To do –
From the line that holds "grape bunch stalks" down to the last line of the listing below, reproduce each line exactly and nothing more, omitting pictures.

• • • • • • •

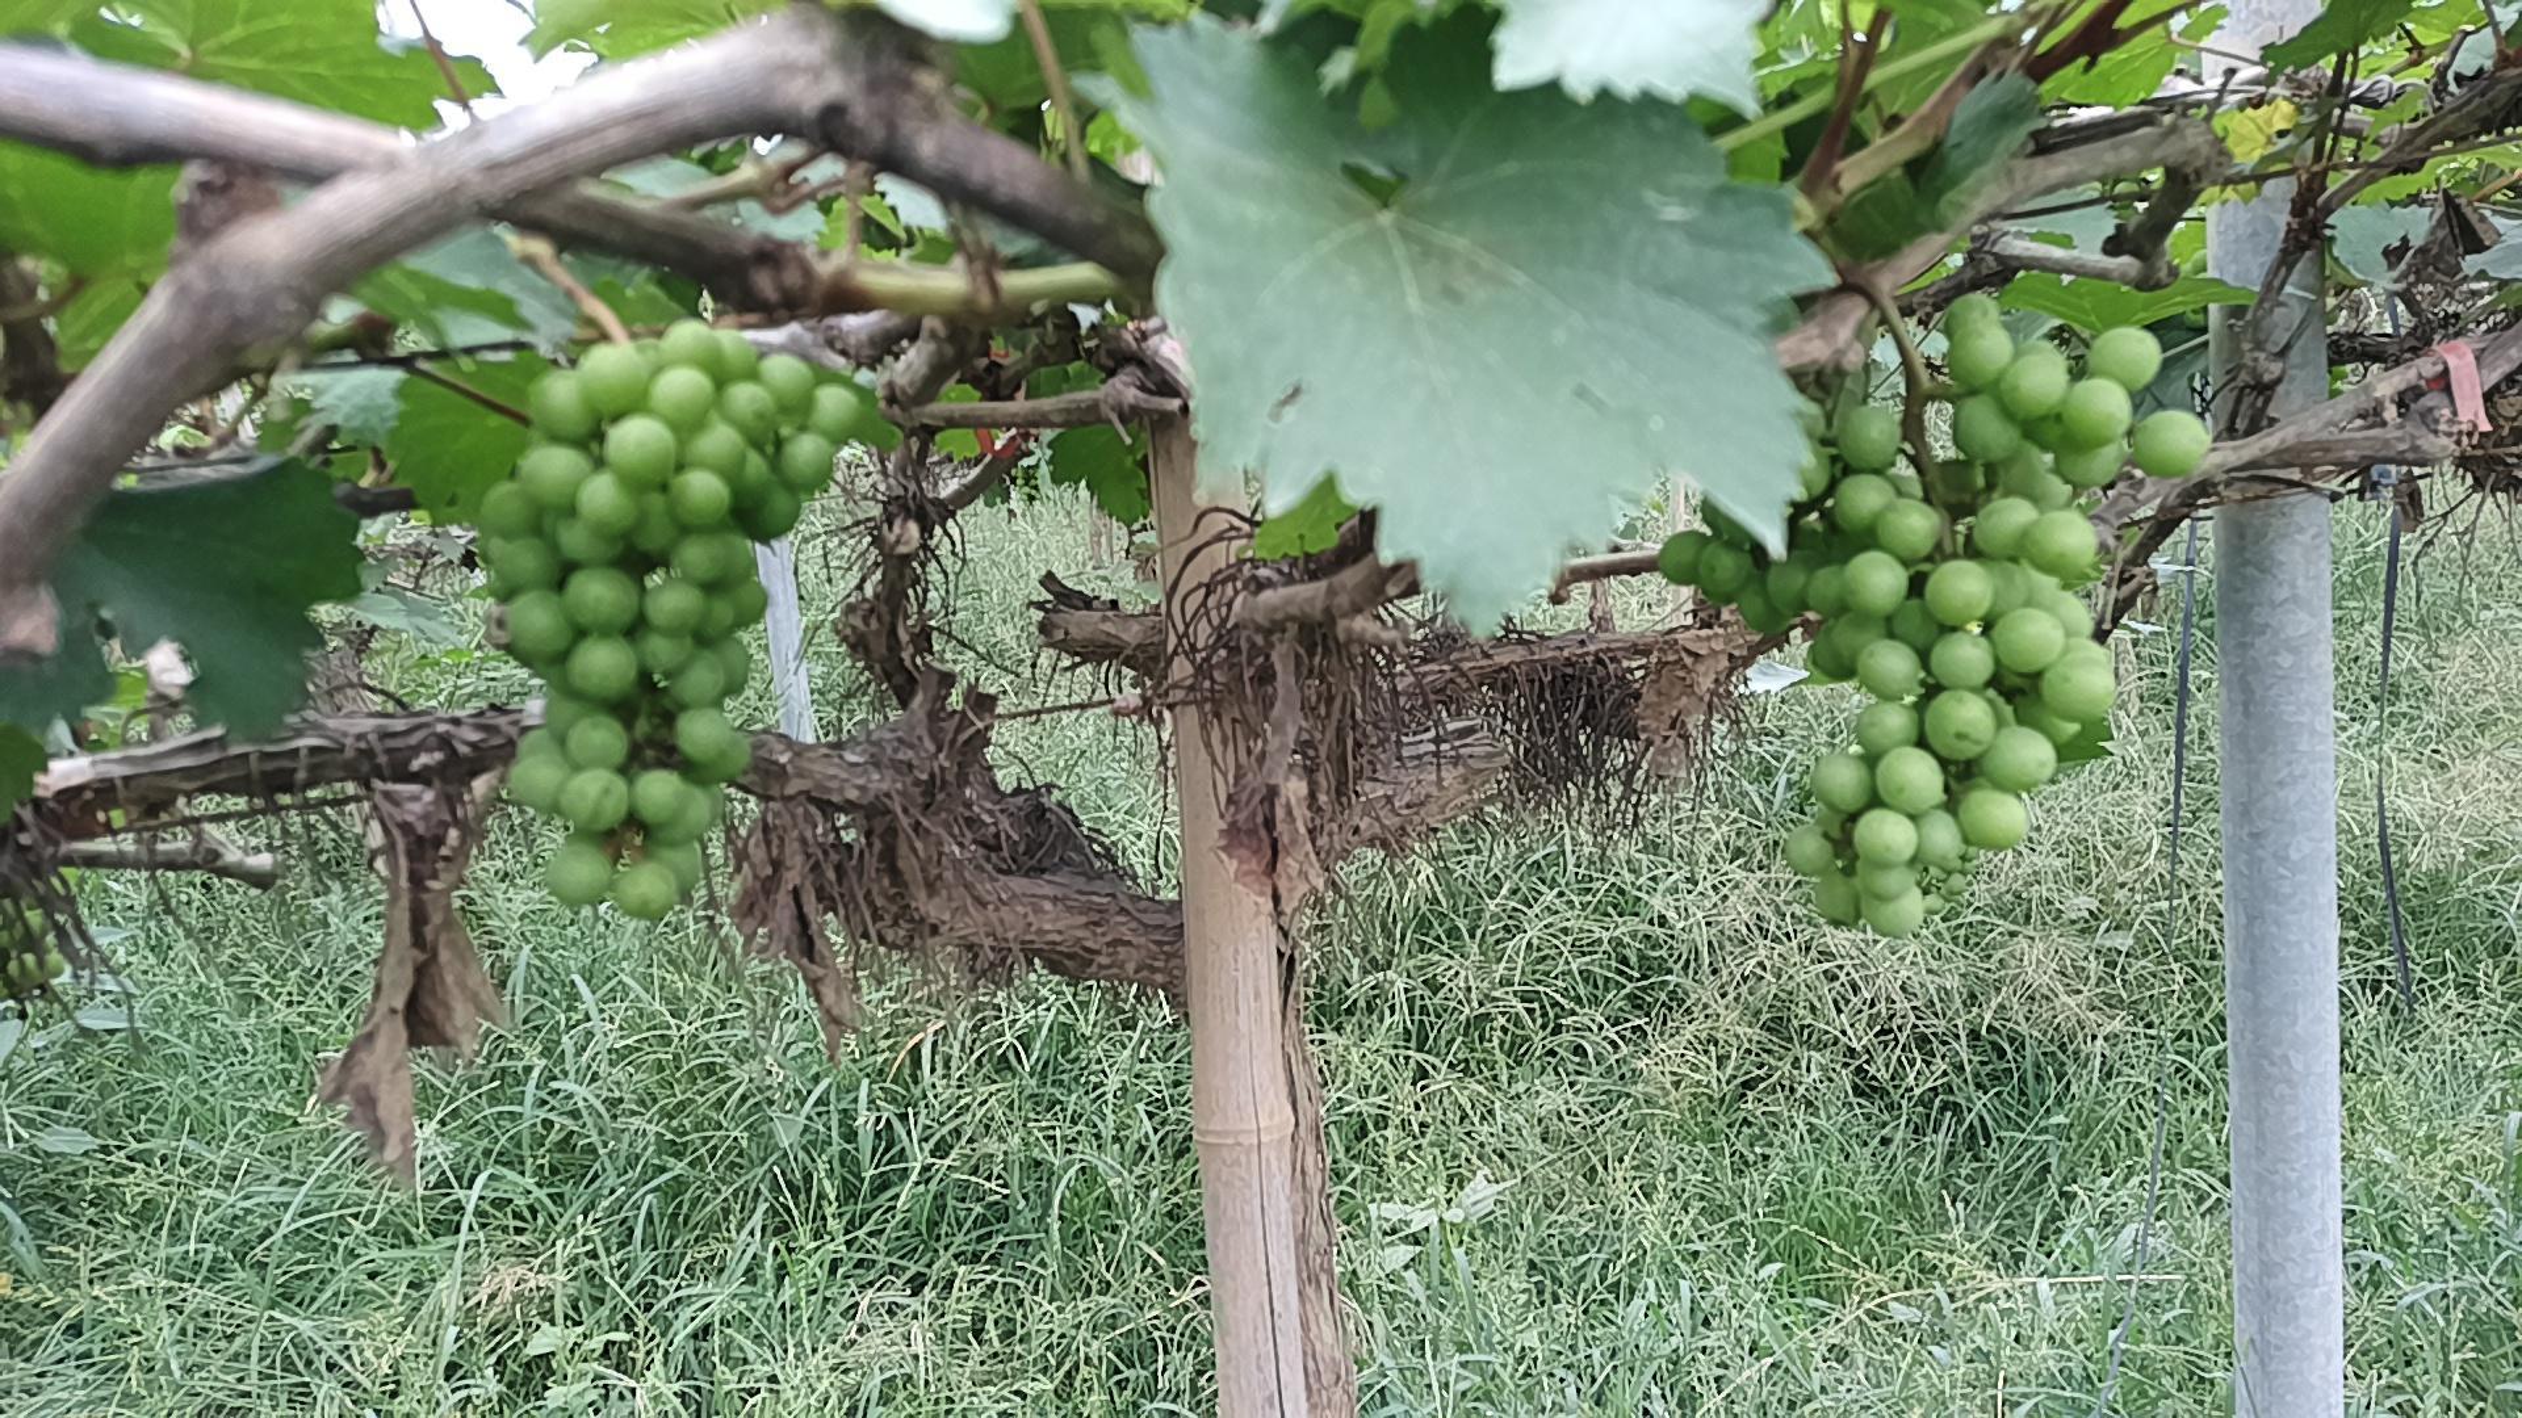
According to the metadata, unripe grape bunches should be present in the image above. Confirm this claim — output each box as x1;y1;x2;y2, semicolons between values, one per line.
1662;291;2208;936
478;322;864;919
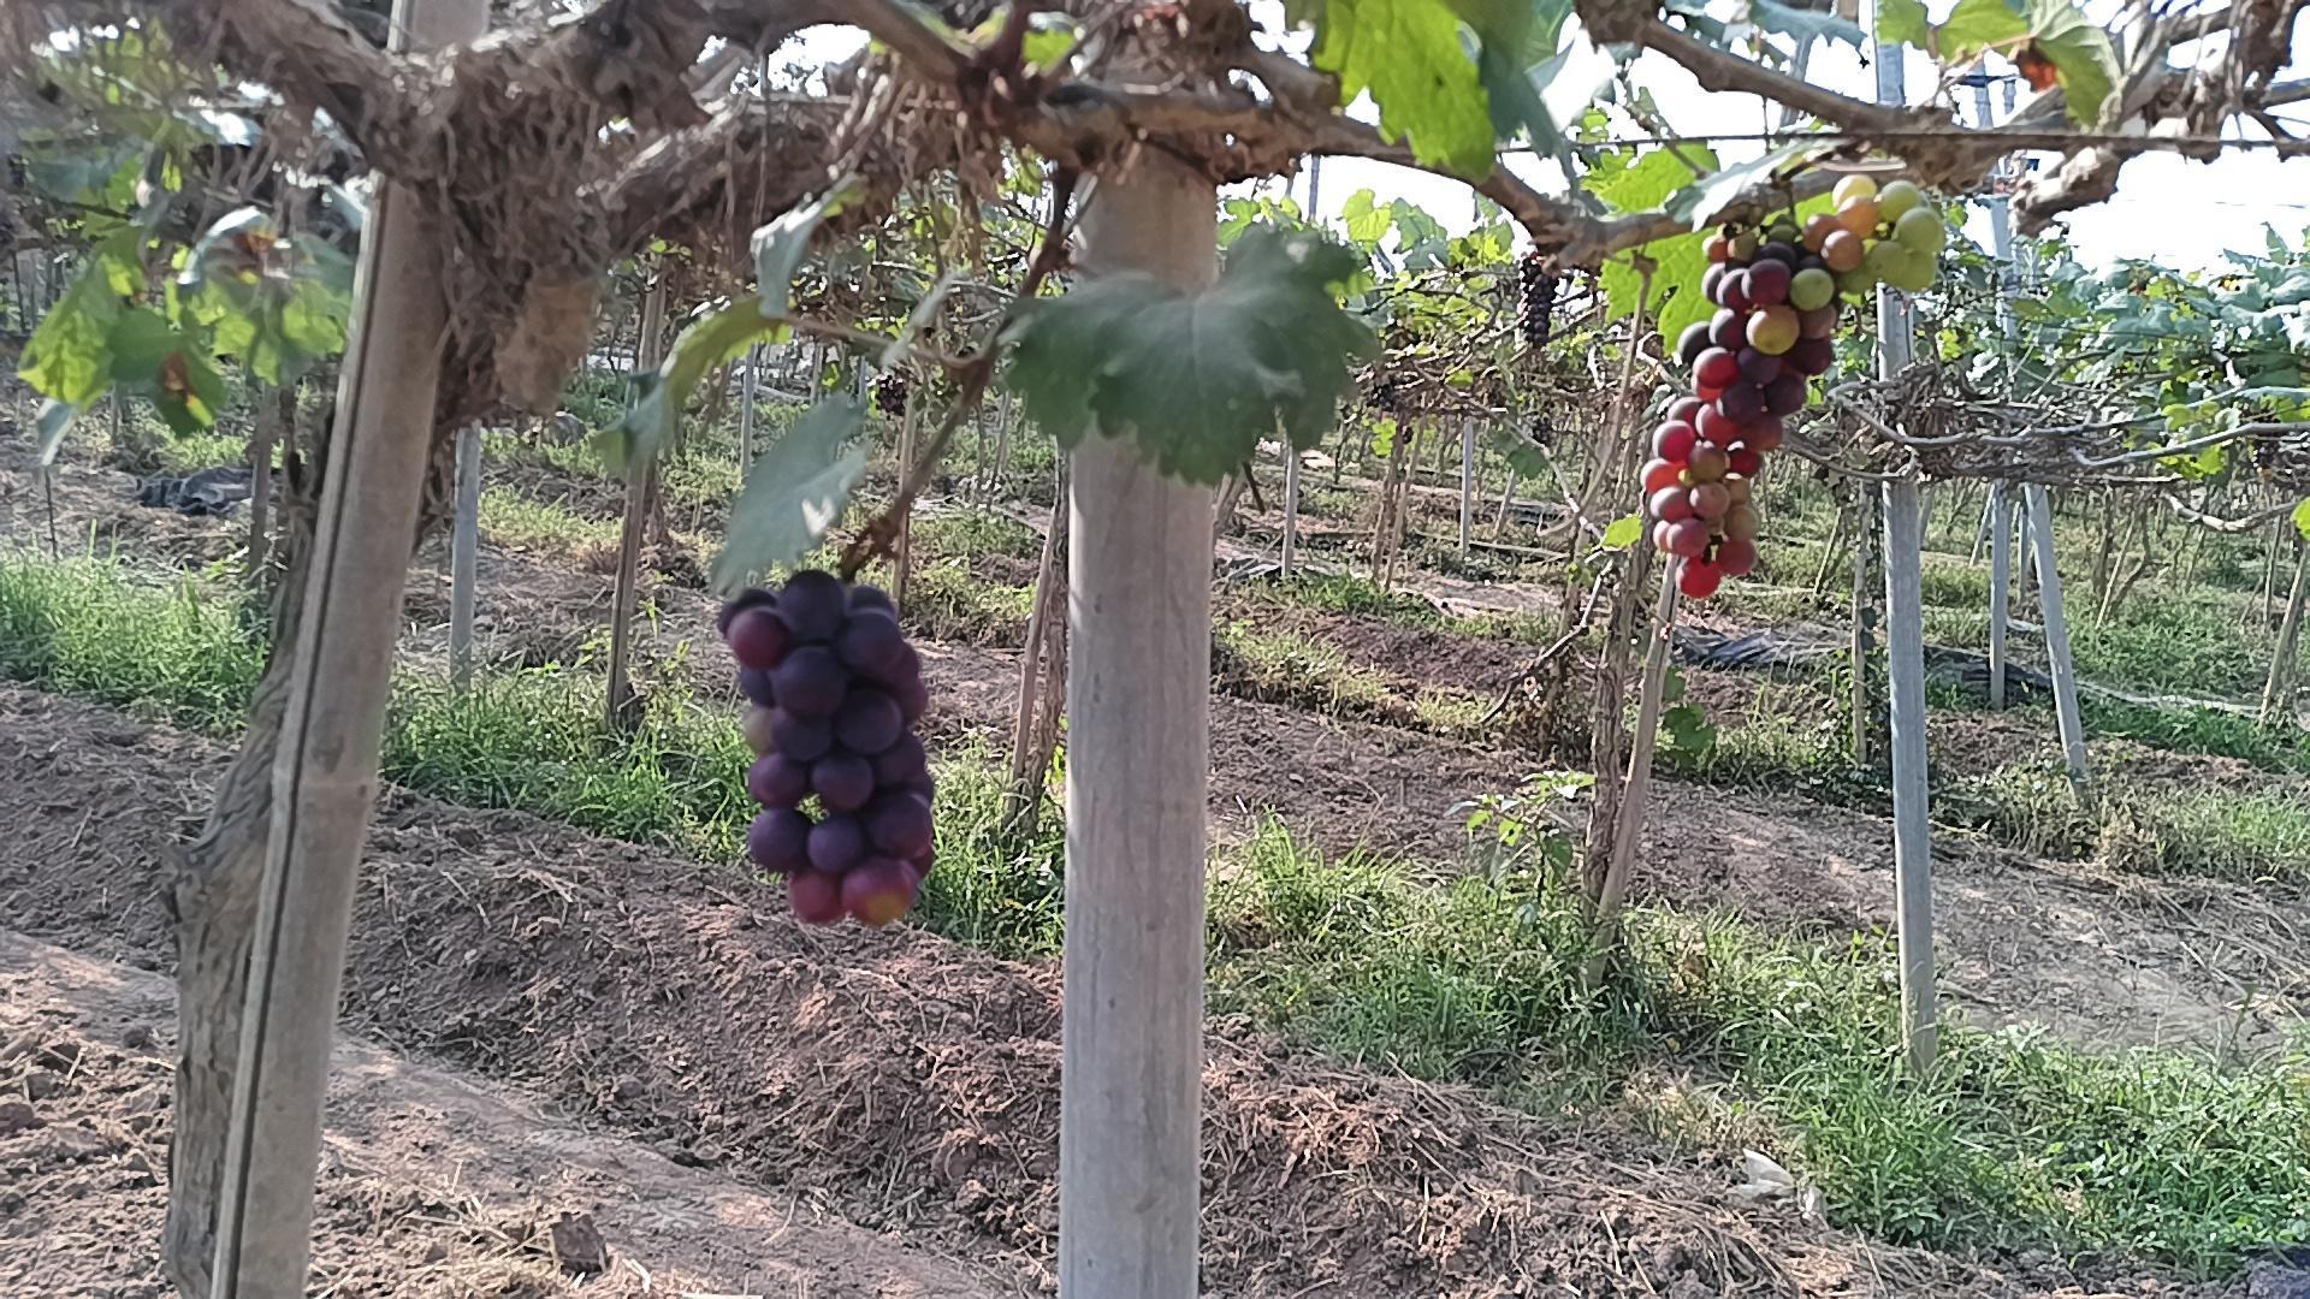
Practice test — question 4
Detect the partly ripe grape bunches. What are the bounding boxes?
[717,570,934,926]
[1642,174,1944,598]
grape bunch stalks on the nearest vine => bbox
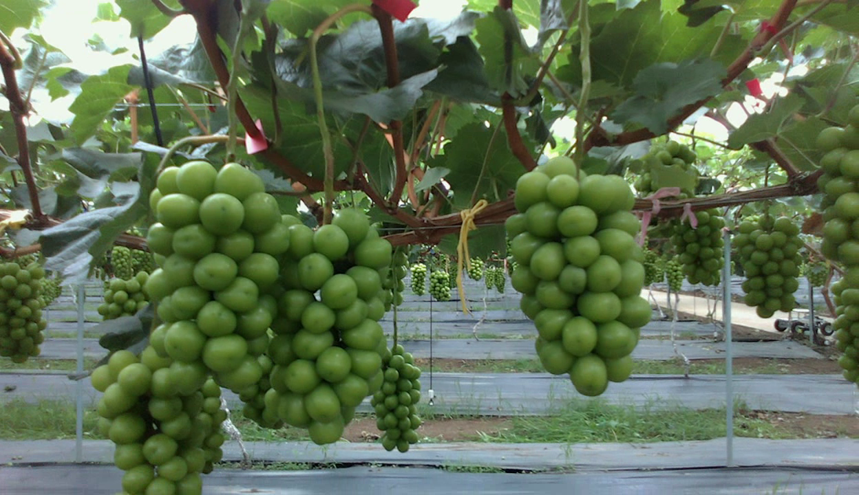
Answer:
[308,3,378,224]
[225,23,246,166]
[572,1,590,168]
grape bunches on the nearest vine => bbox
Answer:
[147,159,290,395]
[815,106,858,321]
[505,157,651,397]
[265,208,391,446]
[90,346,206,494]
[0,263,47,364]
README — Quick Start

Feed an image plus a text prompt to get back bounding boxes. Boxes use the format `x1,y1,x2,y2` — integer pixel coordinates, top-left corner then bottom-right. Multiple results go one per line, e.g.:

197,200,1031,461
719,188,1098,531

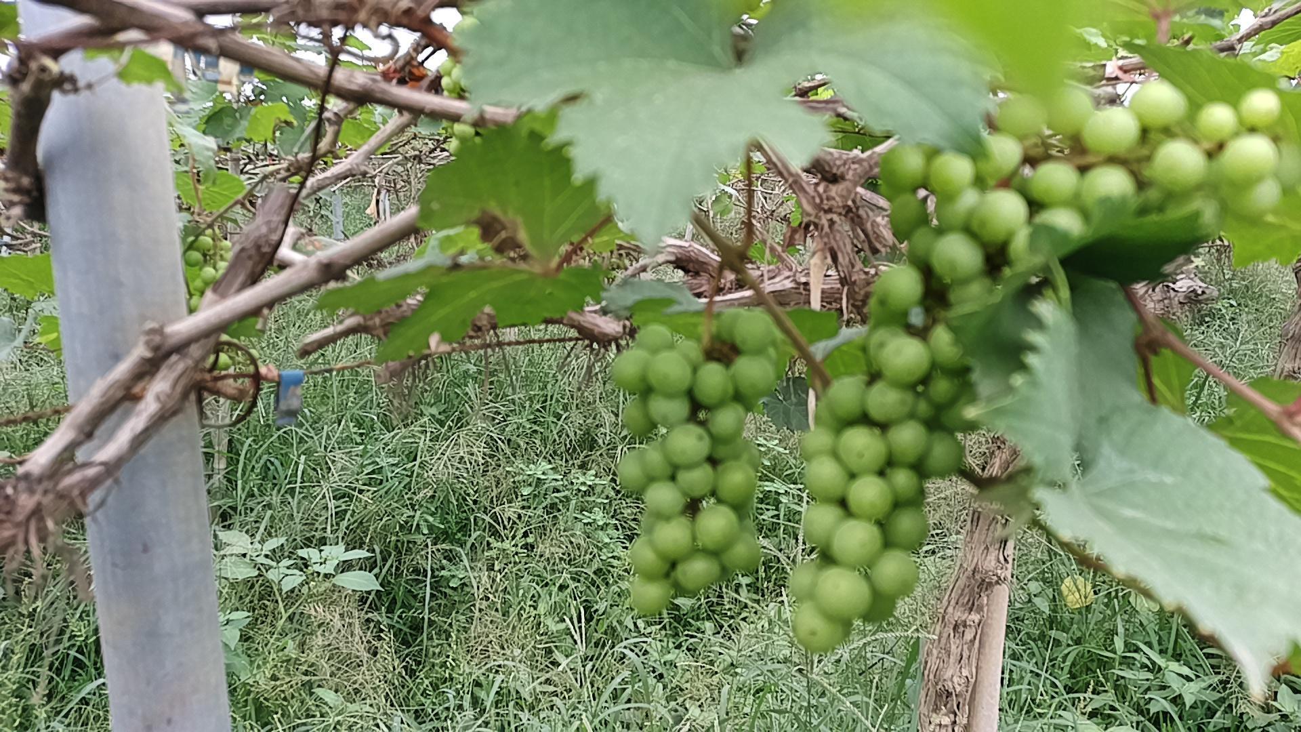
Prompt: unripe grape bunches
880,79,1300,314
181,228,260,369
789,266,968,652
613,308,782,613
440,9,494,155

• • • • • • •

Task output –
grape bunch stalks on the nearest vine => bbox
Answer:
[308,3,378,224]
[225,23,246,166]
[572,1,590,168]
grape bunches on the nearest vine => bbox
Answer:
[147,159,290,395]
[815,106,858,321]
[505,157,651,397]
[265,208,391,446]
[90,346,206,494]
[0,263,47,364]
README — Quick Start

Feed an image plus a text prompt to get back bounding boxes. Boxes use the format `x1,y1,x2,y2` — integer pixel coordinates, top-left corner then bottom-right. Multiple results go one per line, e.g.:

197,200,1031,461
719,188,1098,531

Prompt: unripe grape bunches
880,79,1300,314
181,228,260,369
789,266,968,652
613,308,782,613
440,9,494,155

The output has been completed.